As I have stated above that it writes all/limited amount of content because the information contained within the OCR is organized by the keys that are associated with privileges. Below are the statement to get the content of OCR in a viewing format
  • [root]$ ocrdump filename_full_result.txt
  • [grid]$ ocrdump filename_limited_result.txt
So if ocrdump is excuted with root we get all the output and if it is executed with grid we get limited output.

To check the changes in the OCR you can use below method.
  1. Take the logical backup of OCR by ocrdump -backupfile week.ocr
  2. After a week see the difference by executing ocrdump -stdout - packupfile week.ocr | diff - OCRDUMPFILE
Please let me know if you have any issues or need any more help.

Oracle 11g: Process that cause Node Reboot / Avoiding False Reboot

There are few processes that can evict nodes from the cluster or cause a node rebooting issue.
  • hangcheck-timer: This process is used to monitor for machine hangs and pauses
  • oclskd: This process is used by CSS to reboot a node based on requests from the other node with in the cluster.
  • ocssd: This process is used to monitor the internode's health.
But from Oracle 11g Release 2 hangcheck-timer is no longer needed.

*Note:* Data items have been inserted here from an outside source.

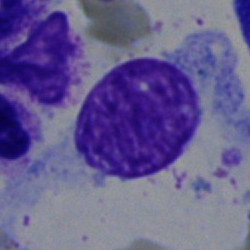

{"cell_type": "artifact"}
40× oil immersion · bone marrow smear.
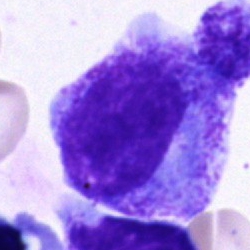Q: What is shown here?
A: It is a progranulocyte.
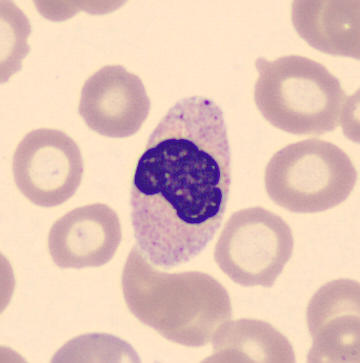CellaVision DM96 · single cell centered in the field.

Specimen: peripheral blood film.
Classification: band neutrophil.
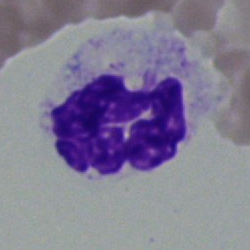Specimen: bone marrow smear.
Morphological class: segmented neutrophil.
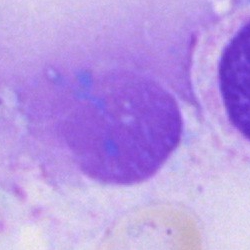Single-cell crop from a bone marrow smear: artifact.
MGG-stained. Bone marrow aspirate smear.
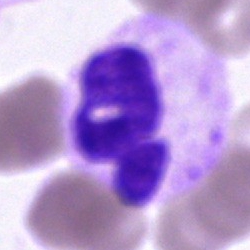The cell shown is a polymorphonuclear neutrophil.
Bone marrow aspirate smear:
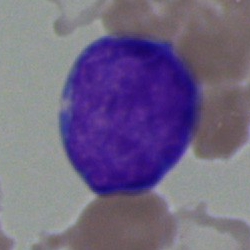
Q: Which cell type is shown here?
A: This is a blast.
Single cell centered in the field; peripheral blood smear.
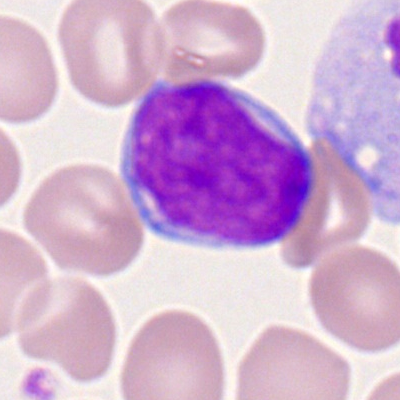

Q: What cell is this?
A: A myeloblast.
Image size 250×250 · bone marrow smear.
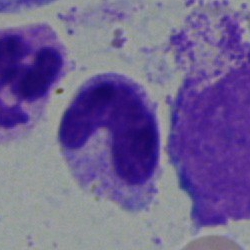{"cell_type": "band-form neutrophil", "lineage": "myeloid"}
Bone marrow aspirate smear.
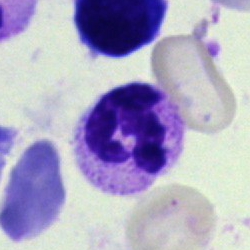Classification: polymorphonuclear neutrophil.
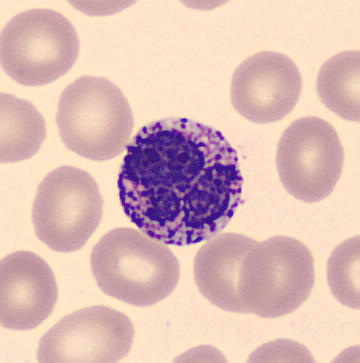

Q: What is shown here?
A: This is a basophil.
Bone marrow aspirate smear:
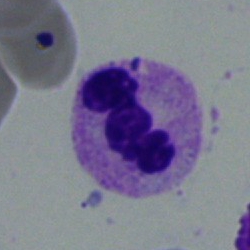
Q: What is shown here?
A: It is a polymorphonuclear neutrophil.

To identify that which of the above process is causing node reboot we need to go through some log files
  • hangcheck-timer
    • /var/log/messages

  • oclskd
    • GRID_HOME/log/hostname/client/oclskd.log
  • ocssd
    • /var/log/messages
    • GRID_HOME/log/hostname/cssd/ocssd.log 
Below are the few lines that are mentioned by these above processes at the time of reboot in the log.
  • hangcheck-timer
    • "Hangcheck: hangcheck is restarting the machine."
  • ocssd
    • "Oracle CSSD failure. Rebooting for cluster integrity"
    • There might some more information similar to "Begin Dump" and "End Dump" just before the rebooting.
    • If you dont find any identification about the node rebooting then you might need to enable tracing and additional debugging.
There might be the case that sometimes there is a false reboot due to low MARGIN settings and heavy CPU load or a scheduler bug.

There have been wide variations in scheduling latencies observed across operating systems and versions of operating systems that can result us with false rebooting.

Increase the value of diagwait if it is set to too low and false rebooting is occured by using the below command
  • crsctl set css diagwait -force
If hangcheck-timer is used and found as a cause then increase the value of hangcheck_margin parameter of the hangcheck-timer module. To validate the values of diagwait or hangcheck_margin you can use the below method.
  • CSS misscount > (TIMEOUT + MARGIN)
    • To get the current css misscount please use crsctl get css misscount
  • CSS misscount > diagwait
  • CSS misscount > hangcheck_tick + hangcheck_margin
Note: It is recommended not to change the value of misscount and disk timeout until and unless it is not recommended by Oracle Support.